Actions like these intensify the discrimination, harassment, and outright violence directed toward the estimated 1.4 million adults and 150,000 teenagers in our nation who identify as transgender or as gender expansive, which means they identify with neither traditional binary gender roles nor a single gender narrative or experience. The challenges confronting these individuals in nearly every facet of everyday life -- education, employment, health care, social services, and more -- can create stress that severely impacts their health.
Because of this marginalization, studies have shown that transgender individuals report or are diagnosed with mental health disorders at a rate up to three times higher than the general population, and that their risk of suicidal thoughts and behavior is markedly higher. At the same time, their physical health is endangered when they are denied insurance coverage for care related to their transgender status. Individuals with additional historically marginalized identities feel this pain in an intersectional way. For example, transgender Black women suffer not only the sting of anti-LGBTQ discrimination and violence, but also the health and social impacts of systemic racism.
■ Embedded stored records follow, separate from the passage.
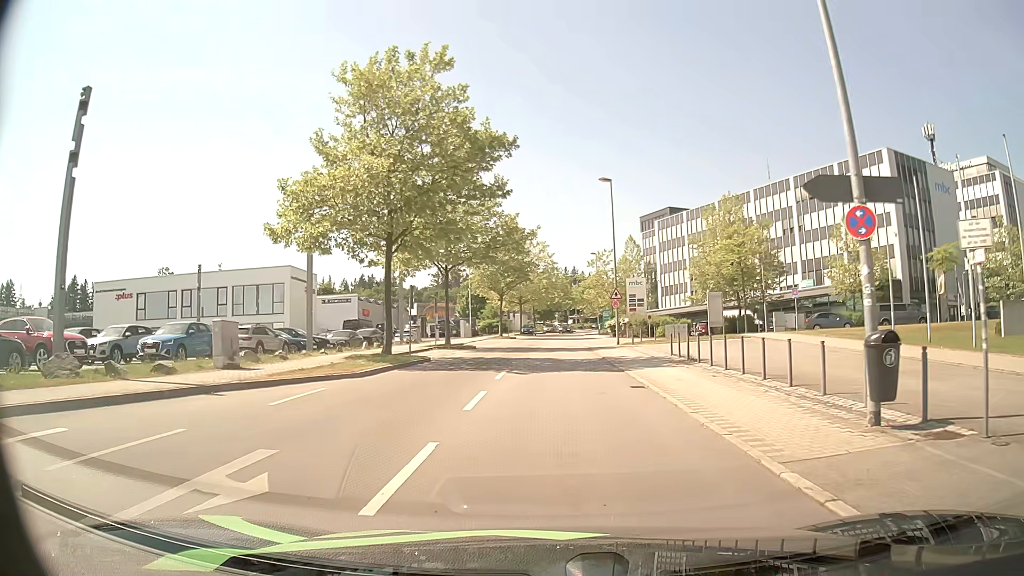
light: Day
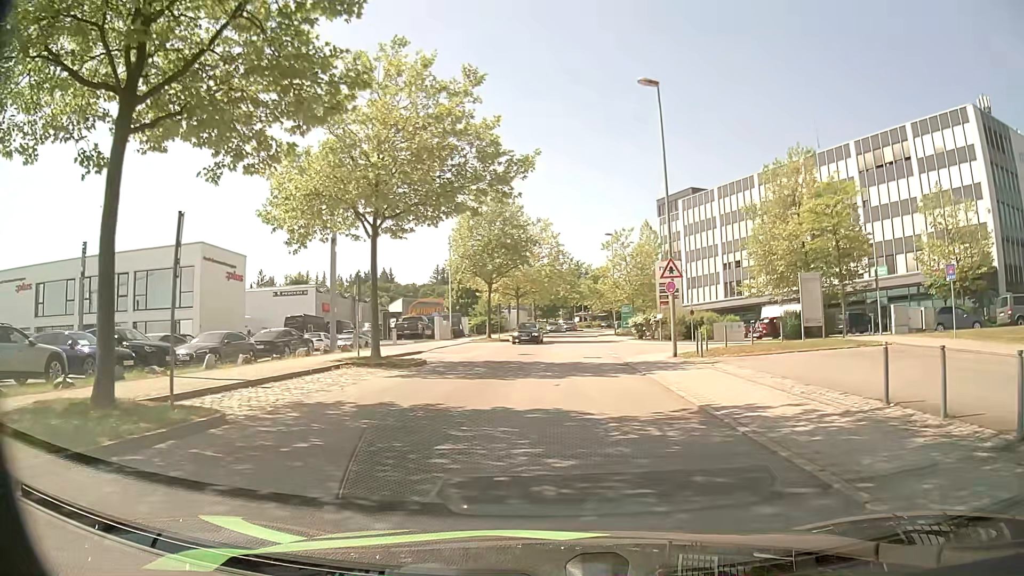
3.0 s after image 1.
(-0.1, +17.0) m; 0°
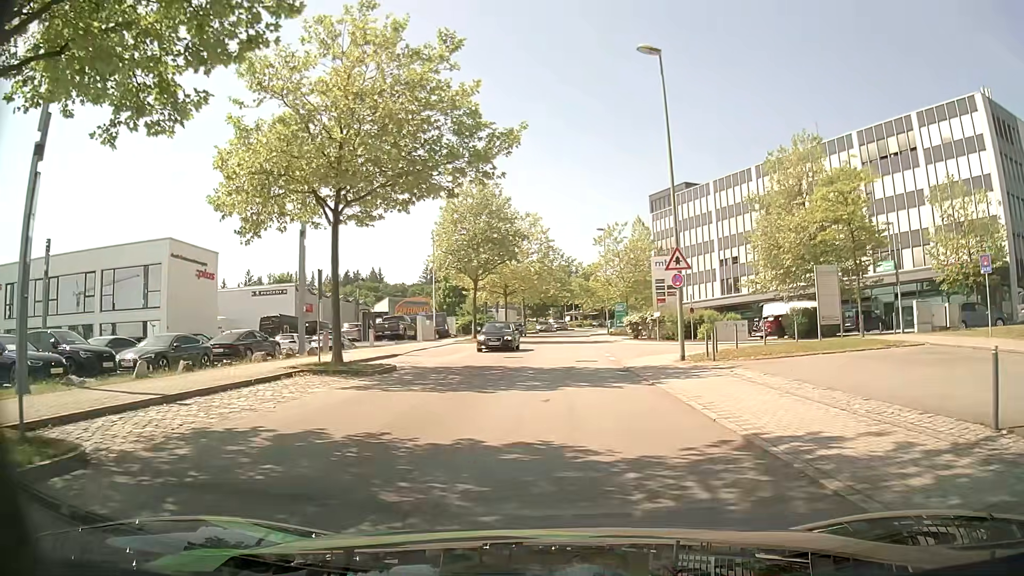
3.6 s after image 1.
(0.0, +3.0) m; +1°
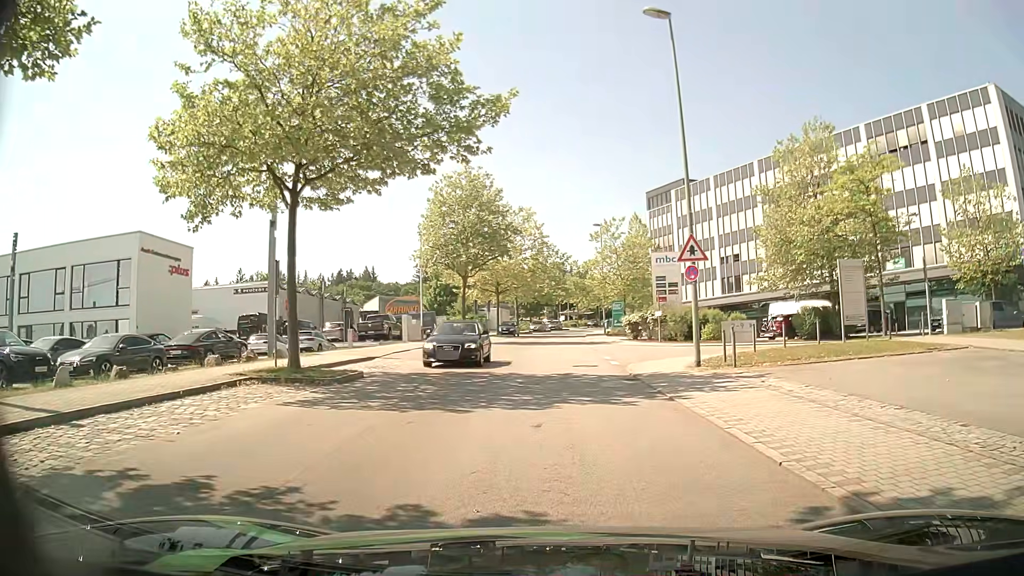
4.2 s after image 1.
(0.0, +2.9) m; +1°
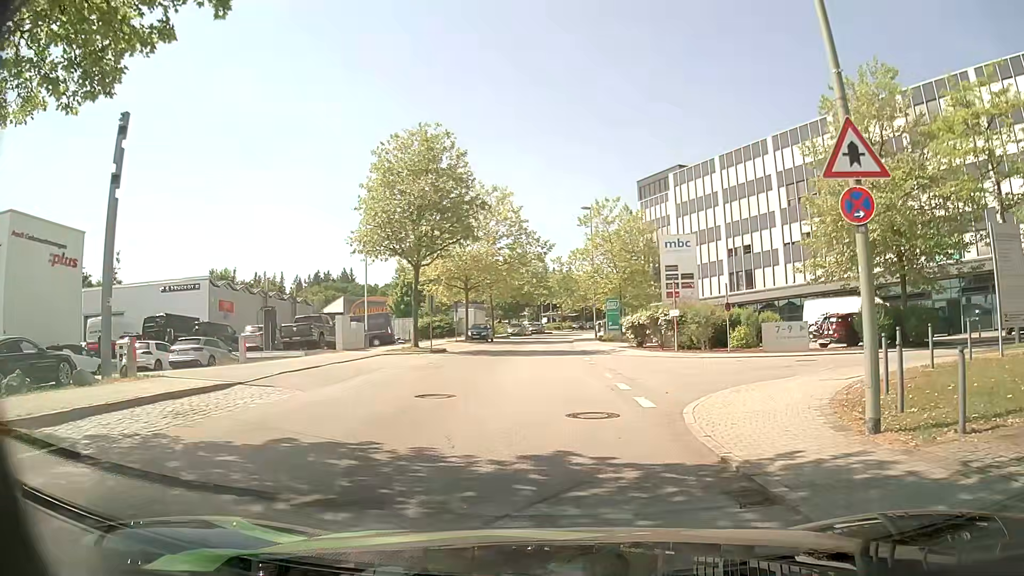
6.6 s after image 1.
(0.0, +10.6) m; +1°
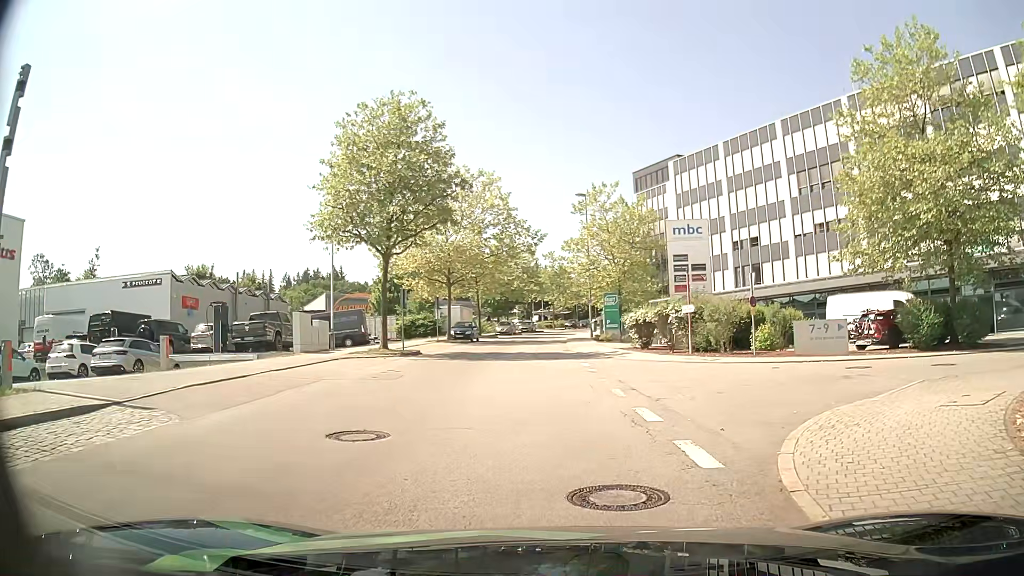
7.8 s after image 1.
(0.0, +4.8) m; 0°
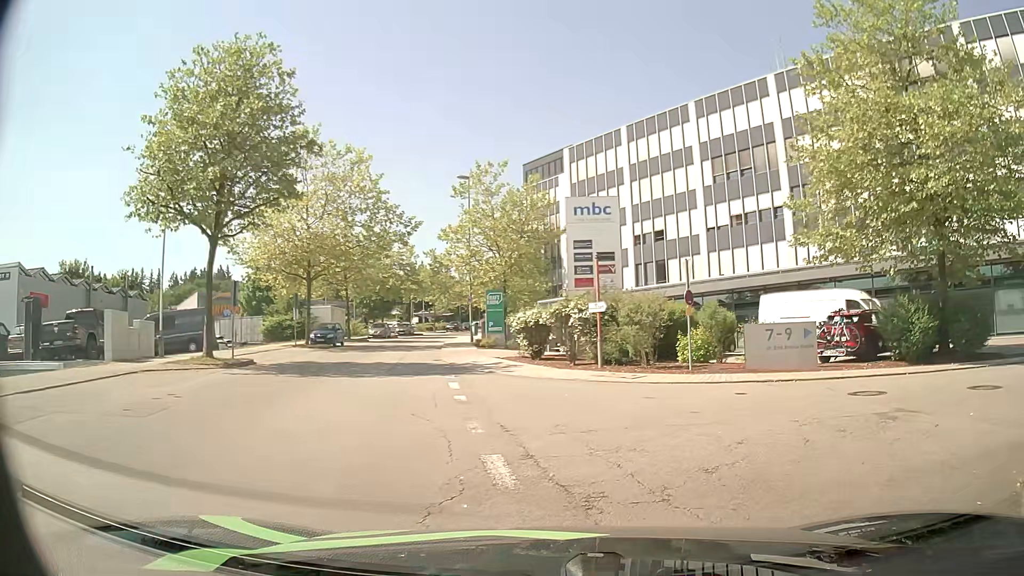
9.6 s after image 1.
(+0.4, +6.6) m; +11°

Rather than embarking upon discriminatory and damaging legislation, the AMA believes we must instead broaden access to gender-affirming care and the treatment of gender dysphoria. This will improve health outcomes for transgender people, and provide them with the opportunity to live fully and openly in accordance with their true gender identity. We are not alone in advocating for this approach, as every major medical association in the nation recognizes the medical necessity of transition-related care to improve the physical and mental health of transgender people.
We cannot allow any level of government to interpose itself between patients and physicians or force physicians to disregard clinical guidelines. Nor can we tolerate outside interference with the ethical duty physicians follow to always act in the best interest of their patients. Physicians know that trust lies at the heart of the patient-physician relationship, and that any action that places that trust at risk must be rejected.
The AMA believes that everyone deserves quality, evidence-based medical care regardless of gender identity or any other factor. Transgender rights are fundamental human rights, including the right to seek out and receive medical care tailored to an individual's specific needs and circumstances. Lawmakers in every state should focus on improving access to care instead of obstructing or criminalizing the care their constituents need.
Susan R. Bailey, MD is president of the American Medical Association.